Cell culture

The immortalized human fetal osteoblast cell line hFOB1.19 (hFOB1.19) was purchased (ATCC® CRL-11372™). It was cultured according to the protocol specified by the repository and regularly tested for mycoplasma contamination. hFOB1.19 cells were maintained in growth medium (GM): DMEM:Ham’s F12 (Sigma, D6421) supplemented with 10% fetal bovine serum (FBS), 2.5 mM L-glutamine, 100 U/mL penicillin and 100 μg/mL streptomycin, 300 µg/ml G418 (Sigma, G8168). All the experiments were carried out at 34 °C and 5% CO₂. Two monoclonal hFOB1.19 cell lines expressing enhanced green fluorescent protein (eGFP) under the control of the i) human full-length osteocalcin promoter (hFOB hOC_eGFP) and ii) the human ubiquitinase (UbC) promoter (hFOB_eGFP) were generated previously by lentivirus transduction¹⁵. Cultivation was conducted at 34 °C in growth media.
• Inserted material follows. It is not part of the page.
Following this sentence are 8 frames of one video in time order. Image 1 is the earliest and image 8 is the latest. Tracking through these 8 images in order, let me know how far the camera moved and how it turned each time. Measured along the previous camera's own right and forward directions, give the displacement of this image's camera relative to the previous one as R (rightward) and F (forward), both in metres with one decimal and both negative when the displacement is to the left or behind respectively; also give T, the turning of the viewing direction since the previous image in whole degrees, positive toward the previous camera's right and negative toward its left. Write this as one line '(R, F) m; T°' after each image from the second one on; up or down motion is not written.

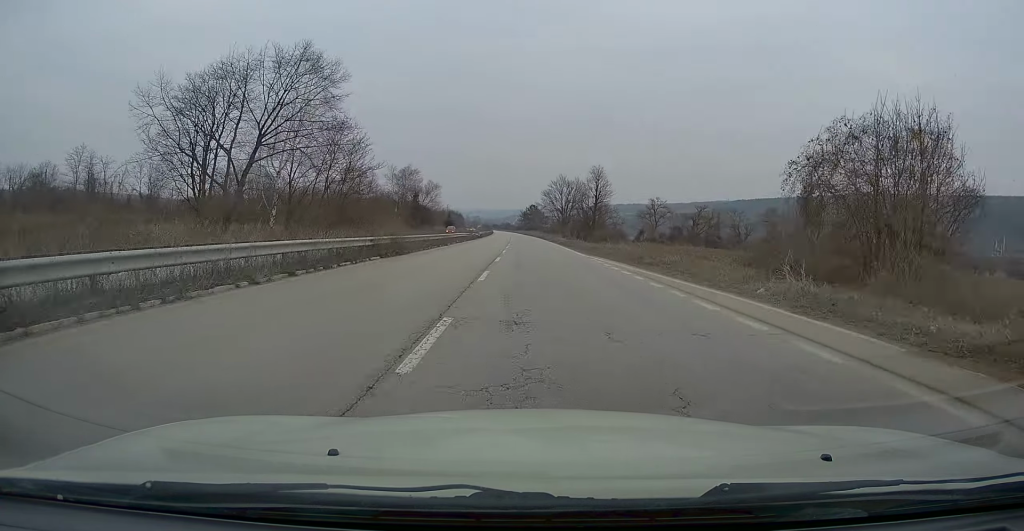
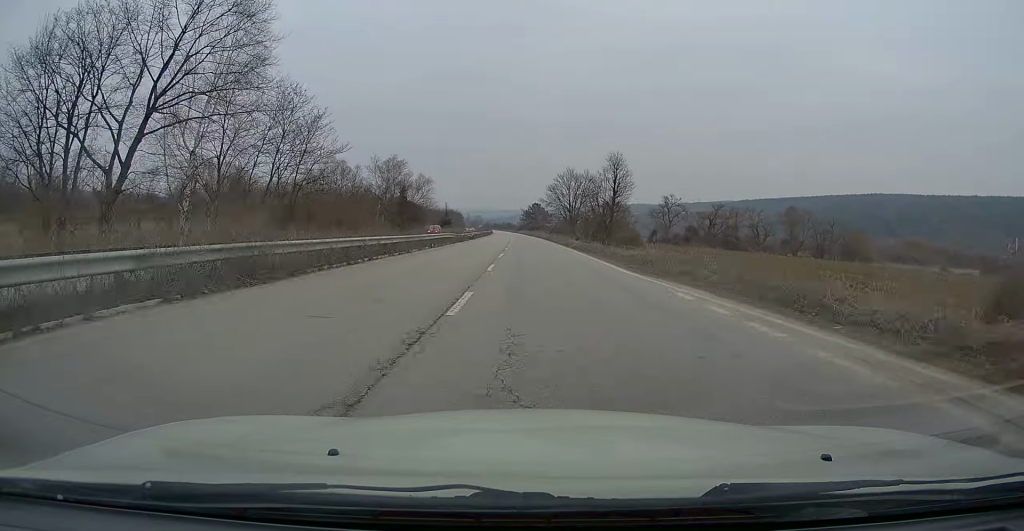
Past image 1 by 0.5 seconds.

Osteogenesis was triggered in spheroids by incubating the cells at 34 °C in osteogenic medium (OM): DMEM:Ham’s F12 mixture containing 2% FBS, 500 µM ascorbic acid and 10 nM dexamethasone (Sigma, D4902). For adipogenic differentiation, the cells were incubated in adipogenic medium (AM) supplemented with 0.5 mM isobutyl‐methylxanthine (Sigma, I5879), 1 μM dexamethasone, 10 μM insulin (Sigma, l9278), and 60 μM indomethacin (Sigma, I7378). Spheroids were formed by incubating 10³ cells in ultralow attachment U-bottom 96-well plates (Greiner)⁴⁶. Further cultivation was carried out in 96-well-plates at 34 °C and 5% CO₂, with medium changes performed every second day. eGFP fluorescence was quantified by summing all pixel values in the region of interest (raw integrated density) by means of image analysis (ImageJ, Fiji open source) at 3 and 6 days post-aggregation. eGFP signals related to growth and osteo- and adipogenic media were normalized to the area, and differences were statistically evaluated via unpaired t tests.
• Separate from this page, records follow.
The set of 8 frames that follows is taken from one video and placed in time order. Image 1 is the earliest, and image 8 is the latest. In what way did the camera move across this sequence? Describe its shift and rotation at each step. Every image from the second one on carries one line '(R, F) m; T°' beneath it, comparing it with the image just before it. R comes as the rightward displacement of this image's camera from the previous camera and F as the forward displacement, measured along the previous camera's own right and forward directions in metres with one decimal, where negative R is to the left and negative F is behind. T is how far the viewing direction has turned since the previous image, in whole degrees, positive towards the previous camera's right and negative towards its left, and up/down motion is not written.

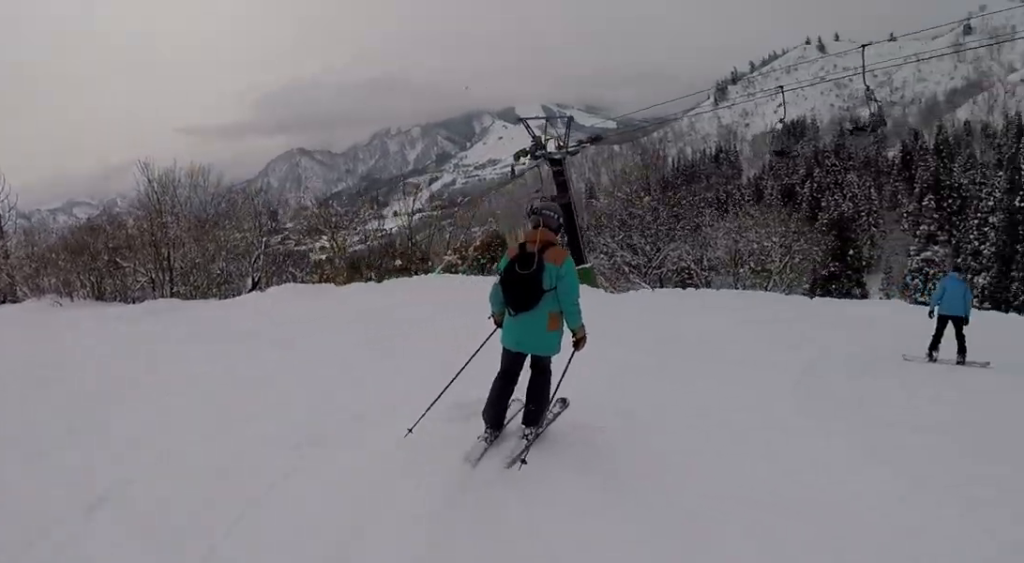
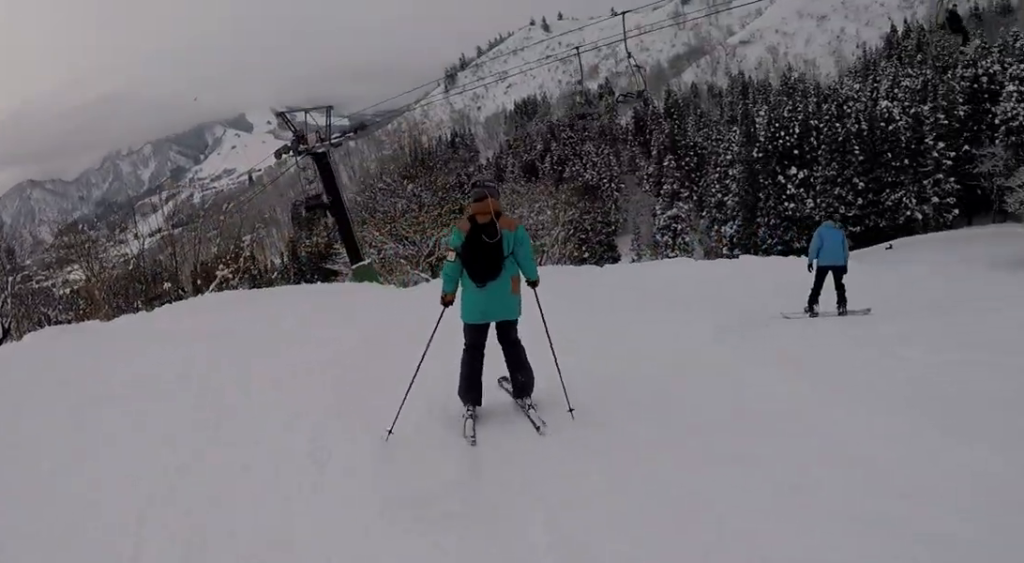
(+0.2, +2.7) m; +15°
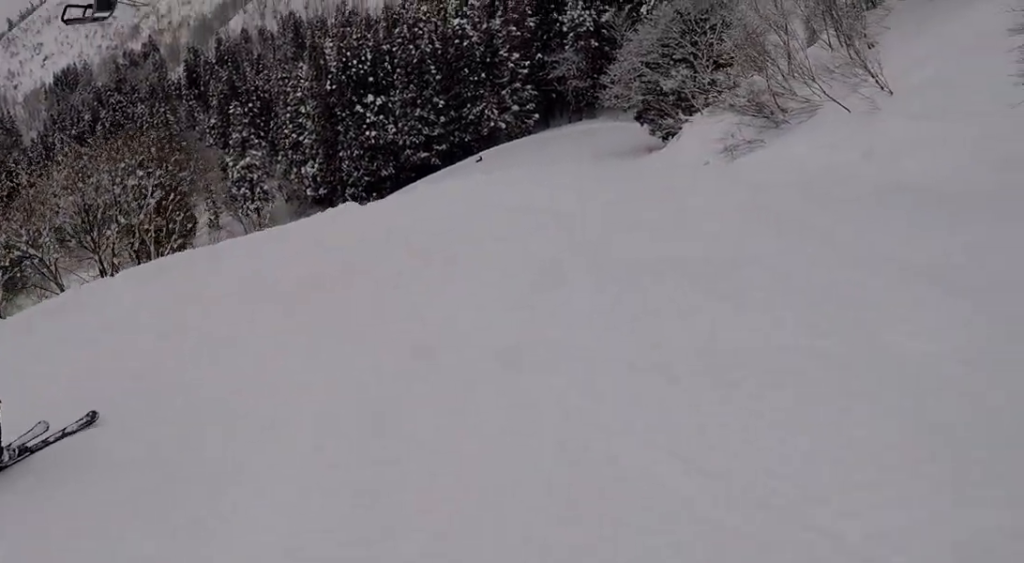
(+8.0, +7.2) m; +69°
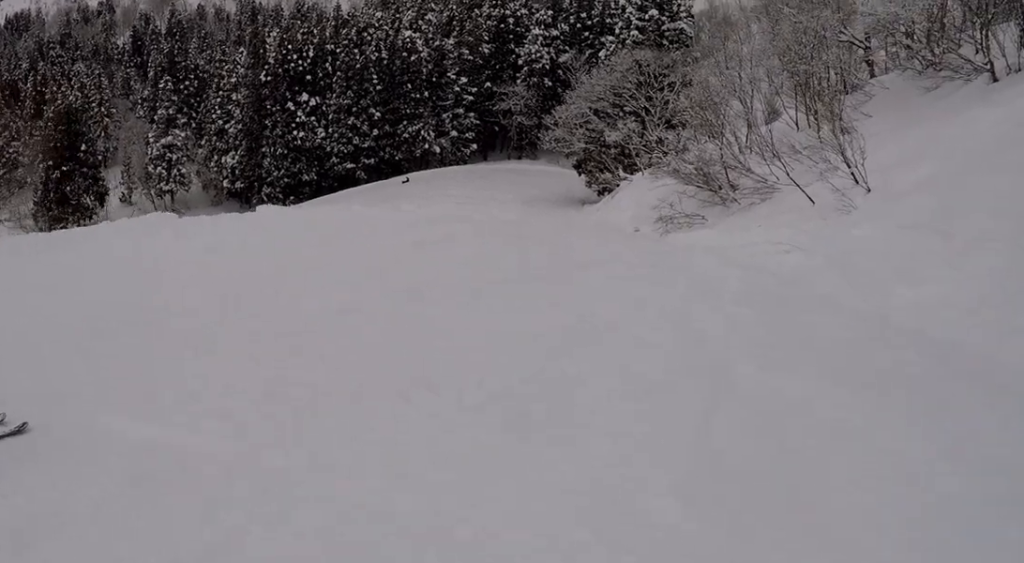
(0.0, +6.3) m; -4°
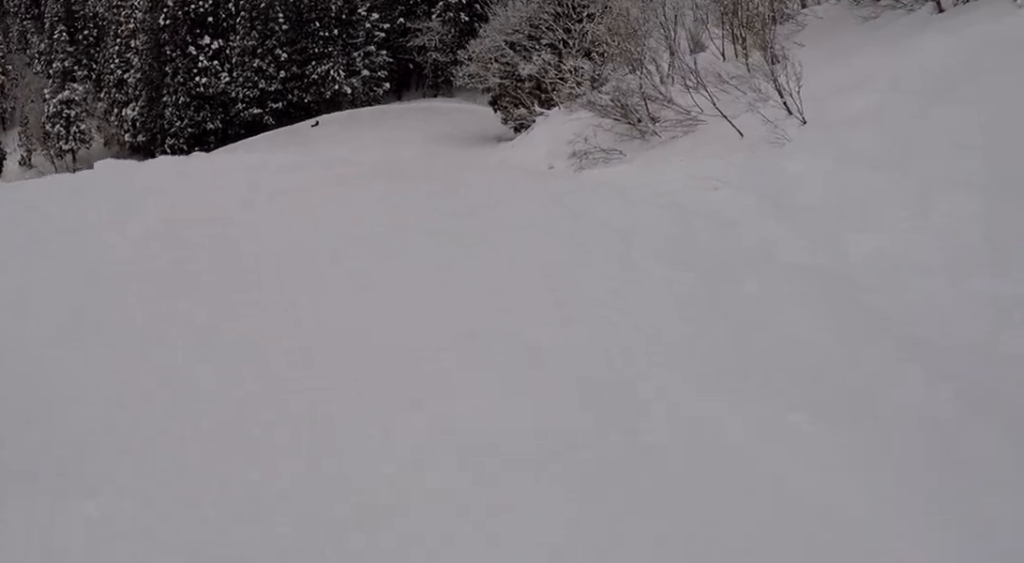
(-0.1, +2.5) m; -4°
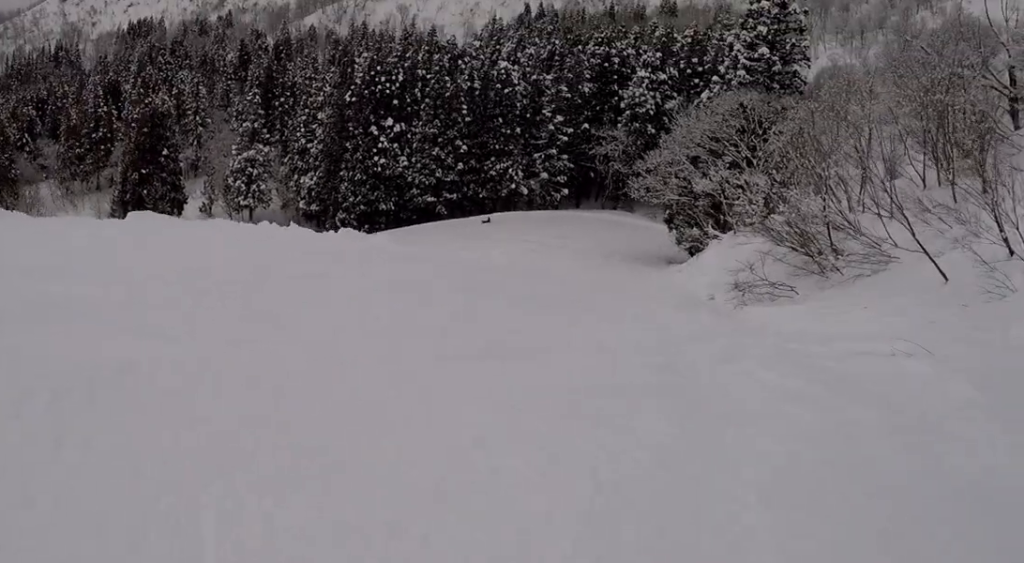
(-0.3, +3.7) m; -8°
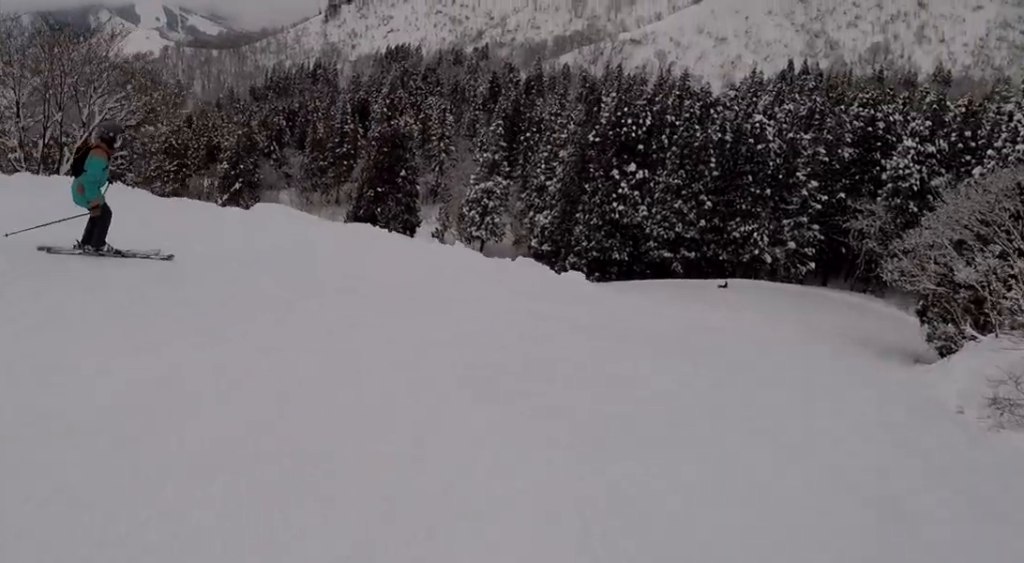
(-0.1, +2.4) m; -2°
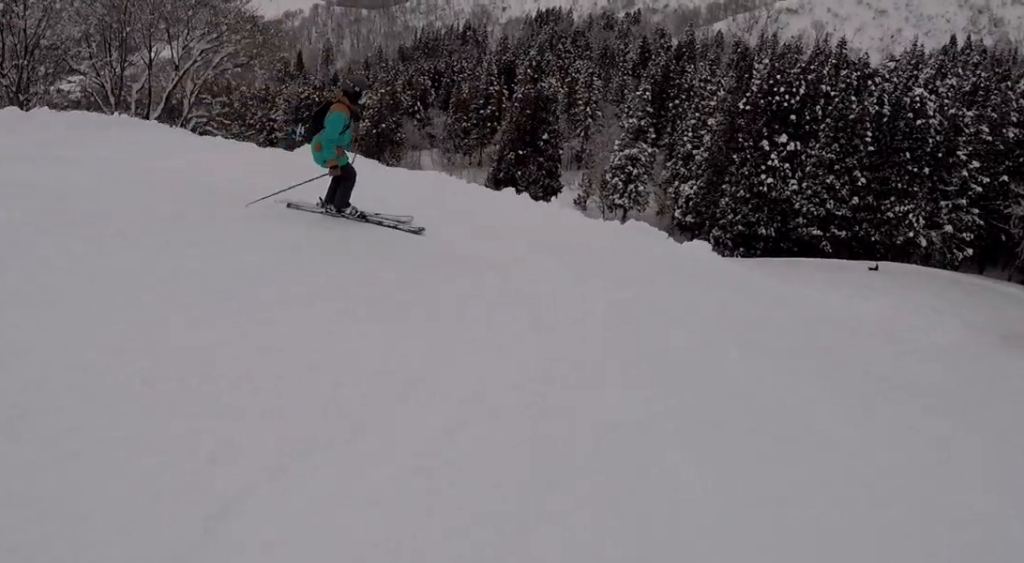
(-0.1, +2.4) m; -1°

THP-1 cells were purchased (ACC16; DMSZ Leibniz-Institut-Deutsche Sammlung für Mikroorganismen und Zellkulturen GmbH). They were expanded in RPMI 1640 medium supplemented with 5% FBS, 100 U/mL penicillin and 100 μg/mL streptomycin. Human mesenchymal stem cells-hMSCs (Cambrex, East Rutherford, NJ) were expanded in α-MEM supplemented with 20% FBS, 100 U/mL penicillin and 100 μg/mL streptomycin. Both THP1 cells and hMSCs were cultivated as monocultures at 37 °C. For all co-culture experiments, complete DMEM:Ham’s F12 growth medium was used.